The ductus deferens is a transport organ. He can aspirate the seeds, which are located in the epididymis (where they are stored for about twelve days) via a suction pump mechanism and then emptied into the urinary tube via a pressure pump mechanism.

This mechanism is made possible by the arrangement of smooth muscle in the wall of the two vas deferens: on the outside lies a longitudinal, in the middle a ring and inside again a longitudinal muscle layer, which are arranged in a spiral system.

Thanks to this strong muscle wall, the diameter of the spermatic duct can be reduced in size in the area where it joins the duct of the seminal vesicle. This reduction in the inner diameter results in the high pressure and high speed with which the seminal fluid during ejaculation in the urinary tube and further outwards.

Where is the vas deferens?

The right vas deferens from the right epididymis, the left ductus deferens from the left epididymis. With its vessels and its shell, the spermatic cord, each vas deferens pulls up the back of the epididymis up to the outer inguinal ring, where it enters the abdominal cavity.

Here, each vas deferens before the bladder to a vial in which the sperm are stored. A little further on, the paired seminal vesicle flows into the vas deferens, which produces the liquid part of the ejaculate. Finally, the two vas deferens cross the prostate gland and open into the urethra. In the further course one speaks then of the urine seed tube.

What problems can the vas deferens cause?

Some men have a congenital malformation of the vas deferens.

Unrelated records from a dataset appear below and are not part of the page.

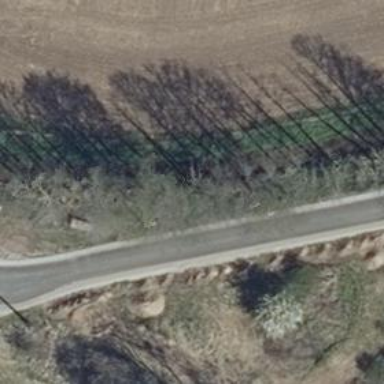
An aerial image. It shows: Row of deciduous broadleaved trees.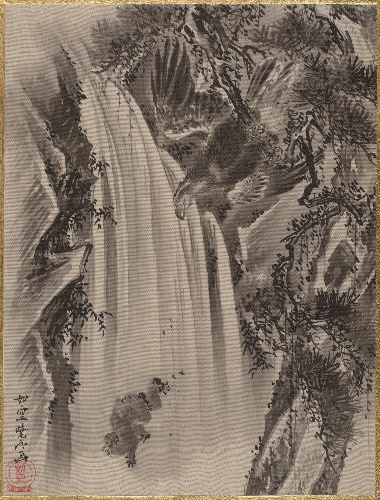
Artist: Kawanabe Kyōsai 河鍋暁斎
Artist bio: Japanese, 1831–1889
Date: ca. 1887
Object type: Album leaf
Classification: Paintings
Medium: Album leaf; ink and color on silk
Culture: Japan
Period: Meiji period (1868–1912)
Dimensions: 14 1/4 x 10 3/4 in. (36.2 x 27.3 cm)
Department: Asian Art
Credit line: Charles Stewart Smith Collection, Gift of Mrs. Charles Stewart Smith, Charles Stewart Smith Jr., and Howard Caswell Smith, in memory of Charles Stewart Smith, 1914
Accession year: 1914
Repository: Metropolitan Museum of Art, New York, NY
Tags: Eagles|Monkeys|Waterfalls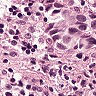
Metastatic tissue present: yes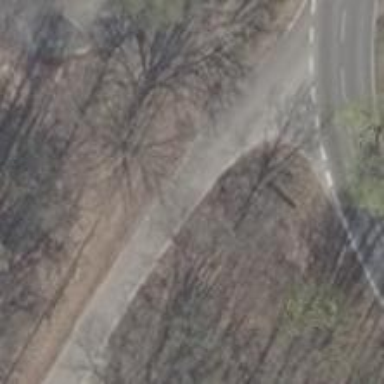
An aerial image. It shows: Asphalt service road.
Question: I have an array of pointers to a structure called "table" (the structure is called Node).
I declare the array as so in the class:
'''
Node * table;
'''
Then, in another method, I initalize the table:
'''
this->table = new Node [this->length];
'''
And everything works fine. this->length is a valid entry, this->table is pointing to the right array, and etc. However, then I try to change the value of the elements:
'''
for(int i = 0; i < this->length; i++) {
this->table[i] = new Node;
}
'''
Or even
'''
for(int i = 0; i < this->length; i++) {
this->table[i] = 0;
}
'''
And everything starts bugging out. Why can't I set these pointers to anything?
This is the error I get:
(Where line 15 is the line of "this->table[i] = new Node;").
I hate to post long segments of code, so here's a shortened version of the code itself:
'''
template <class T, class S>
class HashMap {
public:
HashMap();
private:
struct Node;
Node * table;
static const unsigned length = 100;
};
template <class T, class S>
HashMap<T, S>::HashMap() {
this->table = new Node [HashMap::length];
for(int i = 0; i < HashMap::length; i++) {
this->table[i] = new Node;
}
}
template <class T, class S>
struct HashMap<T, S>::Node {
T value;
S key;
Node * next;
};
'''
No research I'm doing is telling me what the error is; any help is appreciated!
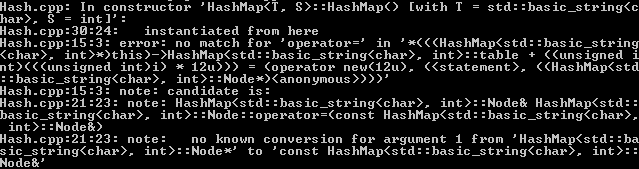
Answer: You don't have an array of pointers. You have an array of Nodes. Apparently, what you want is something like this:
'''
Node ** table;
...
this->table = new Node*[this->length];
'''
Or maybe you don't actually need an array of pointers, but simply an array of nodes. In that case, no extra initialization is needed beyond:
'''
this->table = new Node[this->length];
'''
Beyond that, unless this is a learning exercise, take a look at the <URL> all ready for you.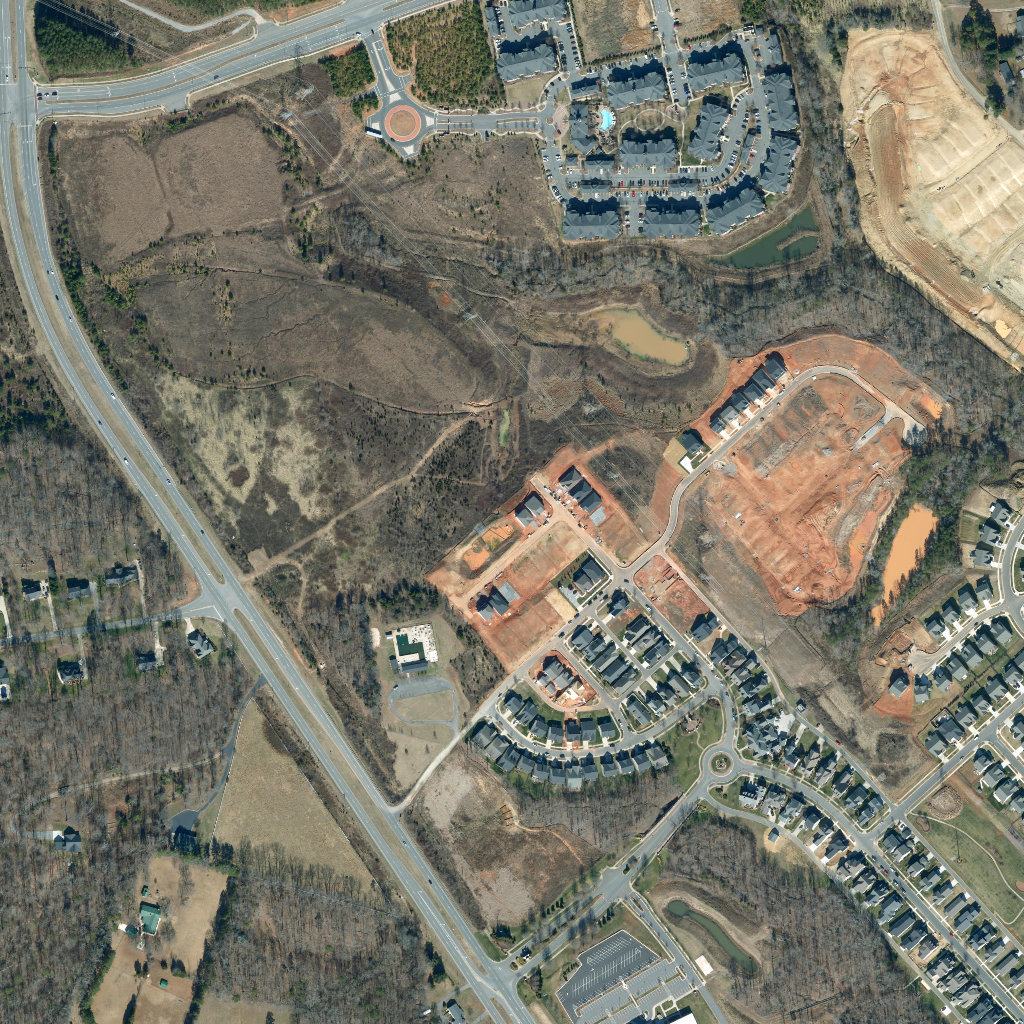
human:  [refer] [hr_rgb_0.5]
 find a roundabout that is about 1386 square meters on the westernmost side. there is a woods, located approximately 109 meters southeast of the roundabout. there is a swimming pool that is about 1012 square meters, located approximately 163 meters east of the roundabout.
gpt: <box>[[36, 9, 42, 14, 0]]</box>

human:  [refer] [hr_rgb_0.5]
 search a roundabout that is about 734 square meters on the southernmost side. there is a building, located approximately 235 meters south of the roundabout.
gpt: <box>[[68, 72, 72, 76, 0]]</box>

Tumors in the scrotum are at a low percentage of spermatic cord tumors, which are usually benign (rhabdomyosarcoma). They occur mainly in childhood and adolescence.

Spermatic sarcomas, on the other hand, are malignant tumors that grow into the surrounding tissue (infiltration) and form secondary tumors (metastases).

A spermatocele is a fluid-filled cavity (cyst), which usually originates from the epididymis, more rarely from the spermatic cord. It arises at the upper testicle pole. Specifically, it is a so-called retention cyst, so a cyst, which is caused by a drainage obstruction. It is filled with sperm and, if it gets bigger than a pinhead, can lead to a feeling of pressure.

External injuries may cause bleeding, bruising or abscess (encapsulated pus) in the area of ​​the ductus deferens.

As part of a prostate infection (prostatitis) or urinary tract infection may also be the paired vas deferens ignite.